NHS faces beds crisis as care homes stop taking patients from hospitals
Exclusive: Major staffing shortages mean many homes have stopped accept admissions from hospitals
The NHS faces a mounting beds crisis as care homes suffering unprecedented staff shortages are forced to stop taking patients from hospitals, health and care leaders have warned.
Ministers are desperately trying to free up space in the NHS to tackle a backlog of 5.6 million people – equivalent to almost 10% of people in England – awaiting treatment.
But efforts to speed up the discharge of hospital patients into the community are being hampered by care worker shortages. Britain’s largest not-for-profit care home provider, MHA, has already had to close one in 10 of its homes to admissions from hospitals, its chief executive, Sam Monaghan, told the Guardian.
The warning comes as a comprehensive assessment on Wednesday reveals that care homes in England are facing the biggest staff shortage on record, with 105,000 positions unfilled according to the 2021 State of the Adult Social Care Sector and Workforce report by Skills for Care, an industry body.

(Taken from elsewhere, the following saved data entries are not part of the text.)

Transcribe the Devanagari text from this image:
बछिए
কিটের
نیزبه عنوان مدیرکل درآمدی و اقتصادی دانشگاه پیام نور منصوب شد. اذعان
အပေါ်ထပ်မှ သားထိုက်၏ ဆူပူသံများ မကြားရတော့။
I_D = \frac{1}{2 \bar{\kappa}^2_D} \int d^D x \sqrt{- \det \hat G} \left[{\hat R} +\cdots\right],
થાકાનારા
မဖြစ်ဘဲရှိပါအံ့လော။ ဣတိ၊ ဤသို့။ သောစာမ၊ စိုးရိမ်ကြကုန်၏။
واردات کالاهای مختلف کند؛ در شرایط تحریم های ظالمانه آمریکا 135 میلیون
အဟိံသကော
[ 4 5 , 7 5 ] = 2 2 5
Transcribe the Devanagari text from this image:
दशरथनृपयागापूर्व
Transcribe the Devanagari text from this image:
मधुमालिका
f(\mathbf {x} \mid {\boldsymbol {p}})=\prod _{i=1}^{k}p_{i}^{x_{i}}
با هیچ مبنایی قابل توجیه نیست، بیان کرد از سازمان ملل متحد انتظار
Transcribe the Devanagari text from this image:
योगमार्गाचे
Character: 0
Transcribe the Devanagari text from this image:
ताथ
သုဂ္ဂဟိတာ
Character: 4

Mandatory double vaccination for all frontline workers is now less than a month away, meaning the situation is set to worsen. Monaghan said: “Across the social care sector, the staffing crisis means [fewer] care places for older people. Even as a large charity, MHA was forced to close 10% of our care homes to new admissions on average over the past month, which means more older people are staying in hospital when they don’t need to be there.”
Seven of MHA’s 89 homes remain closed to new residents due to staffing levels, Monaghan added. One area hit particularly hard was Yorkshire, he said, with three MHA homes currently unable to take in people from local hospitals. The crisis underlined the “gap between political aspirations and the reality on the ground for people who need good quality care right now”, he warned.
The workforce shortage is being compounded by a slump in foreign staff coming to fill vacancies, the Skills for Care report shows. Less than 2% of new starters in the first quarter of this year arrived from abroad, compared with more than 8% in 2019 – an estimated drop of about 20,000 people.
Matthew Taylor, the chief executive of the NHS Confederation, said delayed discharges of medically fit patients was having a serious effect on other parts of the health service.
“Health leaders do not want patients who are medically fit and ready to be discharged to have to stay in hospital any longer than they need to as it won’t be the best environment to support their recovery and it means that other patients will have to wait longer for their treatment,” he said. “Increases in delays to discharging patients means fewer inpatient beds available and delays in A&E and elsewhere.”
Last month, Sajid Javid, the health secretary, announced GBP478m in extra funding to enable the quick and safe discharge of patients from hospitals this winter. But experts said the cash would not resolve the shortage of social care workers to look after discharged patients.
“This funding will be welcome but without parallel investment in social care staff to support getting people out of hospital in a timely way and recover closer to home, then patients will face longer waits, or it will be unpaid carers that are left to provide this support,” said Nina Hemmings, researcher at the Nuffield Trust thinktank.
Thousands of staff who are declining Covid vaccinations are expected to be told they can no longer be deployed in care homes in the coming weeks. Many have already quit. Nearly 13% of staff in older adult care homes had not been double vaccinated by 3 October – over 59,000 workers.
Staffing levels in certain areas are likely to be disproportionately hit. Almost one in four care workers in Manchester have not had two jabs, and around one in five in Stoke, Thurrock, and Hackney and Lambeth in London, NHS England data shows.
The government has made double vaccination a “condition of deployment” in care homes in England from 11 November to limit infection spread. Care home operators have called for the deadline to be postponed, pointing out that a similar policy for NHS workers remains under consultation. Nadra Ahmed, the chair of the National Care Association, said it had “succeeded in bringing the sector to its knees”.
A Department of Health and Social Care spokesperson said: “We appreciate the dedication and tireless efforts of care workers throughout the Covid-19 pandemic and beyond. We are providing at least GBP500m to support the care workforce as part of the GBP5.4bn to reform social care. We are also working to ensure we have the right number of staff with the skills to deliver high quality care to meet increasing demands. This includes running regular national recruitment campaigns and providing councils with over GBP1bn of additional funding for social care this year.”